Check official Airflow and Composer documentation pages for other supported configurations of the openlineage provider in Google Cloud Composer.
After starting the Composer environment, install the openlineage provider by adding the following package in the Pypi packages tab of your environment page:
```
apache-airflow-providers-openlineage
```

Validation

In Datadog, view the Data Jobs Monitoring page to see a list of your Airflow job runs after the setup.

Troubleshooting

Set OPENLINEAGE_CLIENT_LOGGING to DEBUG in the Environment variables tab of the Composer page for OpenLineage client and its child modules. This can be useful in troubleshooting as you configure the openlineage provider.

Advanced Configuration

Link your dbt jobs with Airflow tasks

You can monitor your dbt jobs that are running in Airflow by connecting the dbt telemetry with respective Airflow tasks, using OpenLineage dbt integration.

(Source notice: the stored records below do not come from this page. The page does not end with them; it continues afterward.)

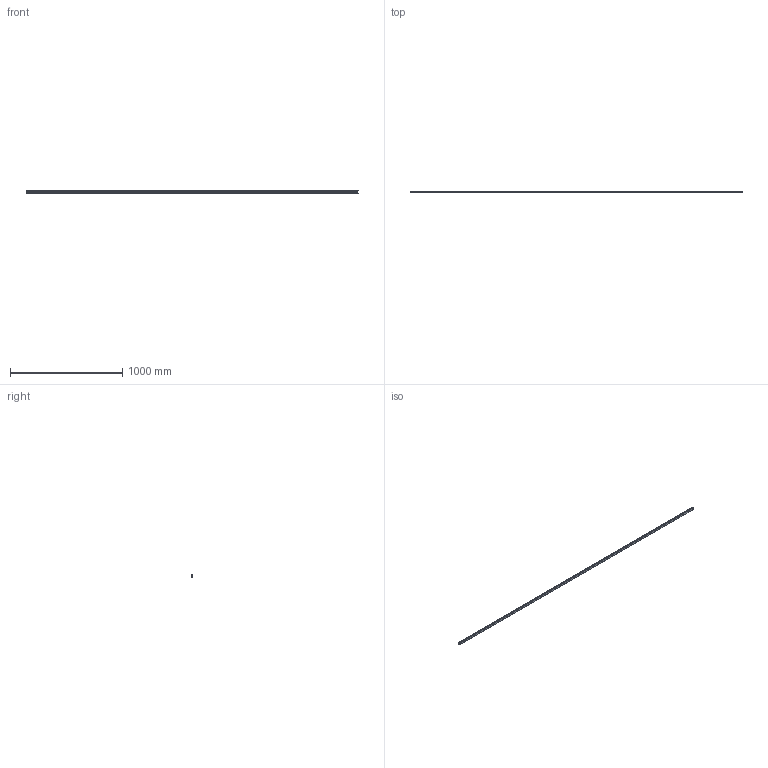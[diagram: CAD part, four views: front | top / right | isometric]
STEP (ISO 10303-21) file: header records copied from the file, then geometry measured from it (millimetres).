
FILE_DESCRIPTION (( 'STEP AP214' ), '1' );
FILE_NAME ('SSR20XTB1SS-2960L_G10_0_B-M6F_1446-75_0_0_0.STEP', '2021-06-28T09:18:43', ( '' ), ( '' ), 'SwSTEP 2.0', 'SolidWorks 2021', '' );
FILE_SCHEMA (( 'AUTOMOTIVE_DESIGN' ));
Length unit declared in the file: millimetre
Products named in the file (2): SSR20XTB1SS-2960L_G10_0_B-M6F_1446-75_0_0_0; _SSR20XTB296010 Track
Assembly tree (1 placements, depth 2):
  SSR20XTB1SS-2960L_G10_0_B-M6F_1446-75_0_0_0
    _SSR20XTB296010 Track
Bounding box: 2960 x 15.5 x 20 mm (x, y, z)
Volume: 783230.8 mm3; surface area: 236605.8 mm2
Topology: 1 solids, 1 shells, 277 faces, 675 edges, 450 vertices
Faces by surface type: cylinder 207, plane 70
Entity records: 8629 total; most frequent: DIRECTION 1651, CARTESIAN_POINT 1406, ORIENTED_EDGE 1350, AXIS2_PLACEMENT_3D 695, EDGE_CURVE 675, VERTEX_POINT 450, EDGE_LOOP 427, CIRCLE 414

To see the link between Airflow tasks and dbt jobs, follow those steps:

Install openlineage-dbt. Reference Using dbt with Amazon MWAA to setup dbt in the virtual environment.

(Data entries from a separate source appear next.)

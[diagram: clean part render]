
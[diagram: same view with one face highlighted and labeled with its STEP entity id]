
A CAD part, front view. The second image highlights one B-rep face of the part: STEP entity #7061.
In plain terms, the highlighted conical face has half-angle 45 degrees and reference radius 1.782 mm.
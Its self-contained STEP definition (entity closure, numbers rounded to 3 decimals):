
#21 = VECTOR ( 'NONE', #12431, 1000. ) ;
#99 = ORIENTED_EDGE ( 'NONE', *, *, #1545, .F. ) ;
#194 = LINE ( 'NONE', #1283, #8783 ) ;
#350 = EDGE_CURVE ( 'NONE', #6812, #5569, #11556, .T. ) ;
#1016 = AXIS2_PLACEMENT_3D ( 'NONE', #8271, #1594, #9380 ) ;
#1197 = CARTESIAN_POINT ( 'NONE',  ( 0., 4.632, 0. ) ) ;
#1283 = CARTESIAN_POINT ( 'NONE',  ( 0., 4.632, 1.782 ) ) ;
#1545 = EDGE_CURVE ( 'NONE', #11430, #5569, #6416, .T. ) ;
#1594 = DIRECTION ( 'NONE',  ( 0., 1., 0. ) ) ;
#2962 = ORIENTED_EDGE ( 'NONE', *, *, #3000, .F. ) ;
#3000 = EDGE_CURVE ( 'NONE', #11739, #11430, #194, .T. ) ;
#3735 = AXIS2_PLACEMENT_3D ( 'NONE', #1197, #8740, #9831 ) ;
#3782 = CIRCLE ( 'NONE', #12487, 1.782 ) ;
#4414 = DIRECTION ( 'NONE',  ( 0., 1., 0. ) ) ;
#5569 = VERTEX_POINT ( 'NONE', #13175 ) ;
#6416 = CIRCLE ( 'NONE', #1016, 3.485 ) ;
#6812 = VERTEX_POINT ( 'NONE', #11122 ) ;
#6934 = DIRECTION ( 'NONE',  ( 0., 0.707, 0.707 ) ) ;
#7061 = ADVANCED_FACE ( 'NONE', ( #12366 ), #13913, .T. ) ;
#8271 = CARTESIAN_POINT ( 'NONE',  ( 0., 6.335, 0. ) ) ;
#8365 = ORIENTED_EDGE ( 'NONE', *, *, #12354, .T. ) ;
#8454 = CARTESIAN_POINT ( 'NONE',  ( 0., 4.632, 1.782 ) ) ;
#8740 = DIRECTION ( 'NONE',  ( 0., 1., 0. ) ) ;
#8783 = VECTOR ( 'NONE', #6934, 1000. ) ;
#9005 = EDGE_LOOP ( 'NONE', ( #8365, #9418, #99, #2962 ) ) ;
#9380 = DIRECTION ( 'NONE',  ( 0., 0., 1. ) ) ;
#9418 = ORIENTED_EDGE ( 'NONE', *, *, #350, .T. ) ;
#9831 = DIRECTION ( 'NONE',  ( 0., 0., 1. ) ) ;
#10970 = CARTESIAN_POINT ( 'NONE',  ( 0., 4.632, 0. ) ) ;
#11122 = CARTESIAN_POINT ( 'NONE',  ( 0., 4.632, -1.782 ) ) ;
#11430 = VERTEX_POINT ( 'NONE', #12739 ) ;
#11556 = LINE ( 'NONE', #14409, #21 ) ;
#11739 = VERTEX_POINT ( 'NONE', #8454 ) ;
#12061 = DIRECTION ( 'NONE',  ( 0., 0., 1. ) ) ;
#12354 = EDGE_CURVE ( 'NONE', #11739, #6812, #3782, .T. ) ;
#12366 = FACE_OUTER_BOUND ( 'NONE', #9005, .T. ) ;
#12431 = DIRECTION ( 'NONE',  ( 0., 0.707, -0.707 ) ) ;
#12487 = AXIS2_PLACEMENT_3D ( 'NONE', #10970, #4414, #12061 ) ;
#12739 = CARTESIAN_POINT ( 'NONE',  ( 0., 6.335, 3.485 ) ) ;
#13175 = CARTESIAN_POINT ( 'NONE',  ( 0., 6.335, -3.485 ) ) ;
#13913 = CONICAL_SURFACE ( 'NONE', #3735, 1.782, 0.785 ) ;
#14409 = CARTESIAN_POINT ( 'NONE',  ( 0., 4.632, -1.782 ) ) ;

pip3 install openlineage-dbt>=1.36.0

Change the dbt invocation to dbt-ol (OpenLineage wrapper for dbt).

Also, add the –consume-structured-logs flag to view dbt jobs while the command is still running.

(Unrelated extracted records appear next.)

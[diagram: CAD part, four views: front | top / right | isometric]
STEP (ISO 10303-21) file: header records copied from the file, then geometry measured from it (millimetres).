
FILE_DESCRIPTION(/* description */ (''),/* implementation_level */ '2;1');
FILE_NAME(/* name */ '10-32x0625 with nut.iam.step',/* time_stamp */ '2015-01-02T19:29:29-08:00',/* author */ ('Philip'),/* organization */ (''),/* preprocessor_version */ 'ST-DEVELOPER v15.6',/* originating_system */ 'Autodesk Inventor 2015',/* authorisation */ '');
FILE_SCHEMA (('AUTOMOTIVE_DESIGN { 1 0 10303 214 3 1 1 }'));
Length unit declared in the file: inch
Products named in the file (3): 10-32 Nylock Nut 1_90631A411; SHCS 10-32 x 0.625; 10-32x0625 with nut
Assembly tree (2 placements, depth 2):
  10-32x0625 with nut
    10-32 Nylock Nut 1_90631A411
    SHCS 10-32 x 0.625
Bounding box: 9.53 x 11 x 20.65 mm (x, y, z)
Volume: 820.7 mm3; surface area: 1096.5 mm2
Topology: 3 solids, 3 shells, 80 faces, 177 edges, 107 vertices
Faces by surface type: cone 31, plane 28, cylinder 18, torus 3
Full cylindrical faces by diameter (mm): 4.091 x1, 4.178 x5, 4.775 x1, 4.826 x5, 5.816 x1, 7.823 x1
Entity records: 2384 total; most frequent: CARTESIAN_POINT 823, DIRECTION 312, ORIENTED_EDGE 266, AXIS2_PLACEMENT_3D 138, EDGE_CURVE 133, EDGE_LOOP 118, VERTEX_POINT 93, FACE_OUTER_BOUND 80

dbt-ol run --consume-structured-logs --project-dir=$TEMP_DIR --profiles-dir=$PROFILES_DIR

In your DAG file, add the OPENLINEAGE_PARENT_ID variable to the environment of the Airflow task that runs the dbt process:

dbt_run = BashOperator(
    task_id="dbt_run",
    dag=dag,
    bash_command=f"dbt-ol run --consume-structured-logs --project-dir=$TEMP_DIR --profiles-dir=$PROFILES_DIR",
    append_env=True,
    env={
        "OPENLINEAGE_PARENT_ID": "{{ macros.OpenLineageProviderPlugin.lineage_parent_id(task_instance) }}",
    },
)

Link your Spark jobs with Airflow tasks

OpenLineage integration can automatically inject Airflow’s parent job information (namespace, job name, run id) into Spark application properties. This creates a parent-child relationship between Airflow tasks and Spark jobs, enabling you to troubleshoot both systems in one place.

Make sure your Spark jobs are currently monitored through Data Jobs Monitoring.
Enable automatic parent job information injection by setting the following configuration:

AIRFLOW__OPENLINEAGE__SPARK_INJECT_PARENT_JOB_INFO=true

This automatically injects parent job properties for all supported Spark Operators, like SparkSubmitOperator or LivyOperator. See the Apache Airflow OpenLineage documentation for the full list of supported operators. To disable for specific operators, set openlineage_inject_parent_job_info=False on the operator.